Mimo bardzo bogatego dorobku, grupa do tej pory nie mogła poszczycić się reprezentatywnymi dla całości jej kariery składankami. „Waiting for the Sunshine” i „Crowns” ukazały się jeszcze w drugiej połowie lat 70., a ubiegłoroczne „The Journey – Best of Jane ’70-’80” – sygnowane Werner Nadolny’s Jane – zawierało, co prawda, dziewięć klasycznych kawałków kapeli, ale w nowych wersjach, nagranych z muzykami, którzy – poza liderem – nie mieli nigdy nic wspólnego z oryginalnym składem.
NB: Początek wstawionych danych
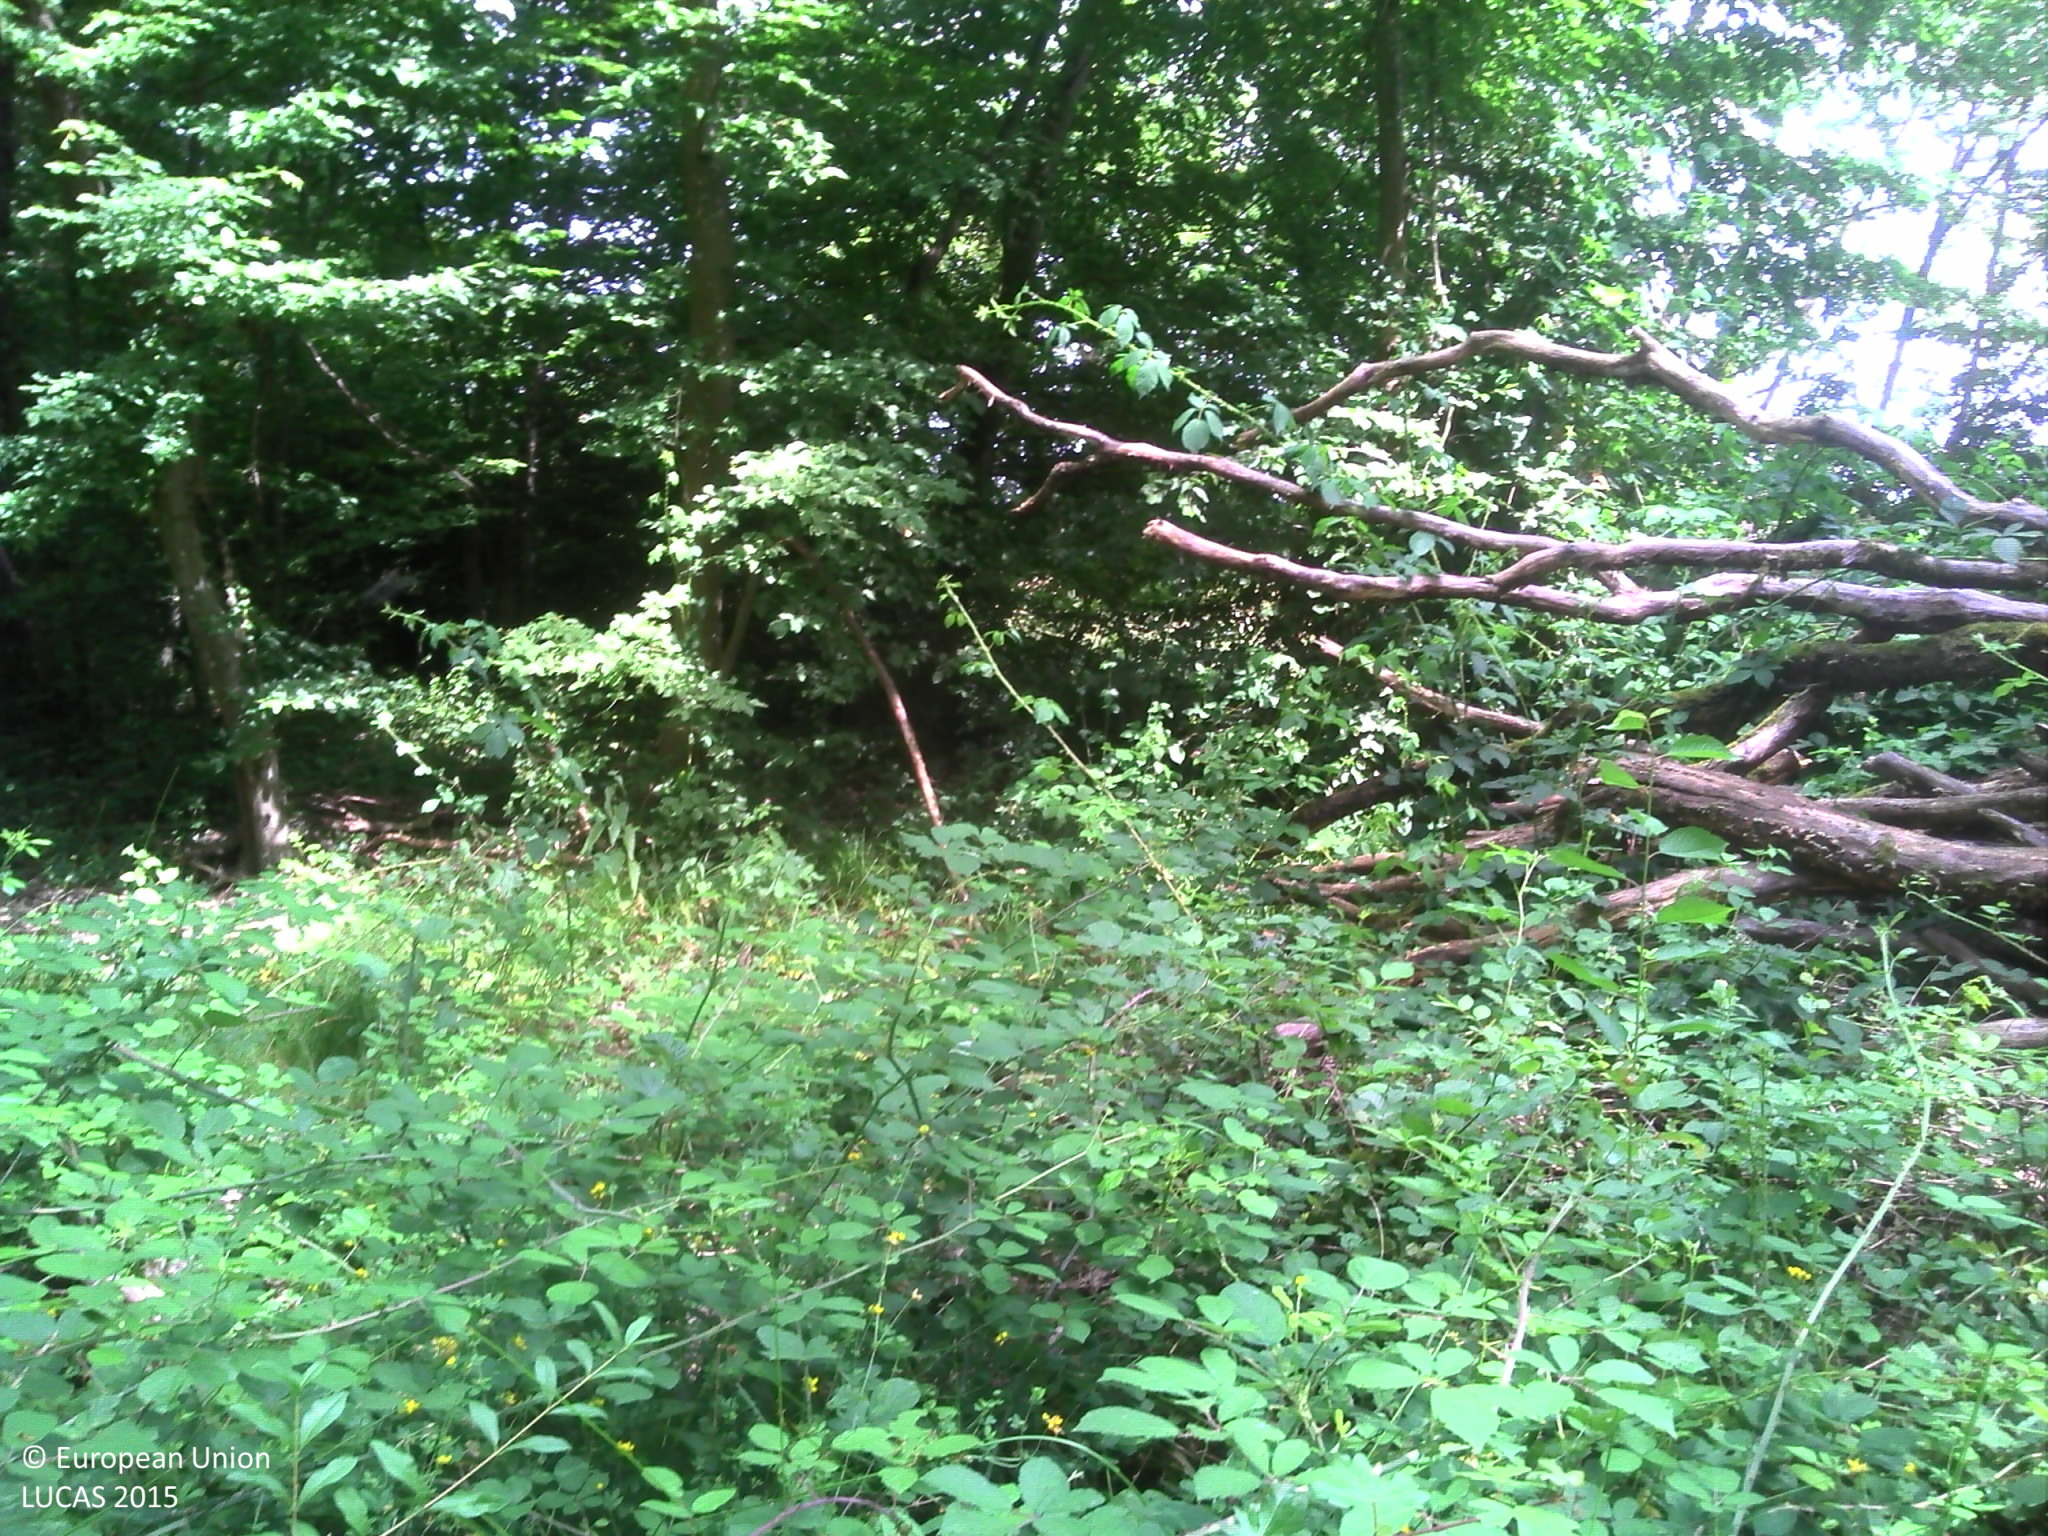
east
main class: Woodland
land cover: Broadleaved woodland
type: mesophytic deciduous forest
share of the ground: > 75 %
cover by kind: broadleaved forest trees 80 %, herbaceous plants 20 %
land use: Forestry
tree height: > 5 m
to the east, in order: Broadleaved woodland; Tracks; Abandoned hedges; Grassland without tree/shrub cover; Fences; Maize
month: June
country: FR
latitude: 46.6765
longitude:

Tę istotną lukę wypełniło dopiero najnowsze wydawnictwo – trzykompaktowy zestaw „The Best of Jane”. Znalazło się na nim dwadzieścia dziewięć utworów trwających w sumie prawie dwieście minut. Mówiąc najkrócej: Jest to świetny przekrój przez całą karierę niemieckich rockmanów, począwszy od nagrań wyjętych z debiutanckiego „Together”, aż po wydany przed dwoma laty krążek „Traces”. Zapewne z przyczyn pozaartystycznych nie ujęto w tym wyborze piosenek nagranych przez ekipę Nadolnego. Ale może to i lepiej. Co by bowiem o zespole nie powiedzieć, przyznać trzeba, że ton zawsze nadawał mu charyzmatyczny bębniarz, jakim był Peter Panka… Fakt, że „The Best of Jane” znakomicie ilustruje dokonania zespołu na przestrzeni prawie czterech dekad, nie oznacza, że jest bez wad. Twórcy tej składanki popełnili w zasadzie tylko jeden, ale zasadniczy błąd – starali się bardzo, aby każdy album grupy był reprezentowany w takim samym stopniu, nawet jeżeli wcale na to nie zasługiwał. W efekcie nawet z najlepszych krążków – od „Together”, poprzez „Here We Are” (1973), „Jane III” (1974), „Lady” (1975), „Fire, Water, Earth and Air” (1976) i „Between Heaven and Hell” (1977) – wybrano zaledwie p dwa utwory. Dokładnie tyle samo, co z kiepskich, kojarzących się z banalnym pop-rockiem, płyt z końca lat 70. i pierwszej połowy następnej dekady – „Sign No. 9” (1979), „Jane” (1980), „Germania” (1982) czy „Beautiful Lady” (1986).
Fani krautrocka będą usatysfakcjonowani przede wszystkim dwiema pierwszymi płytami zestawu, na których znalazły się między innymi tak klasyczne kompozycje Jane jak „Daytime” i „Hangman” (z „Together”), „Coming Again” (z „Jane III”), „(Wishdream) Lady” (z „Lady”), fragment „Fire” (z „Fire, Water, Earth and Air”), koncertowa suita „Windows” (z „Jane Live at Home”) oraz dwudziestominutowa tytułowa suita z „Between Heaven and Hell”. Z późniejszych dokonań warto odnotować jeszcze obecność „Age of Madness” (z płyty pod tym samym tytułem z 1978 roku), który z czystym sumieniem można chyba uznać za ostatnie wielkie dzieło w karierze grupy. Trzeci krążek zestawu dokumentuje lata 1986-2009 – znacznie słabsze od poprzednich, znaczone wieloma kompromisami artystycznymi i nieudanymi próbami zdyskontowania popularności nowej fali i popu, co na pewno nie wyszło zespołowi na dobre. Warto jednak i jemu poświęcić uwagę, by przekonać się, jak z biegiem lat bledną najjaśniej nawet świecące gwiazdy.
koniec
8 listopada 2011

Komentarze

11 XI 2011   00:53:31

Fani krautrocka nie będą usatysfakcjonowani z prostej przyczyny - Jane to nie jest i nigdy nie był zespół krautrockowy i stawianie do w rzędzie z Amon Duul, Can i Guru Guru świadczy o sporej luce w wiedzy muzycznej autora. Jane to rock progresywny, przynajmniej w latach świetności i nie ma tu co szukać szufladek, których się nie rozumie :)
Aha - jeśli ktoś chce poznać naprawdę Jane, niech sięgnie po "Live At Home", obowiązkowo w nowym dwupłytowym wydaniu, a nie po składanki.

11 XI 2011   01:10:39

A Amon Duul, Can, Guru Guru to nie był rock progresywny?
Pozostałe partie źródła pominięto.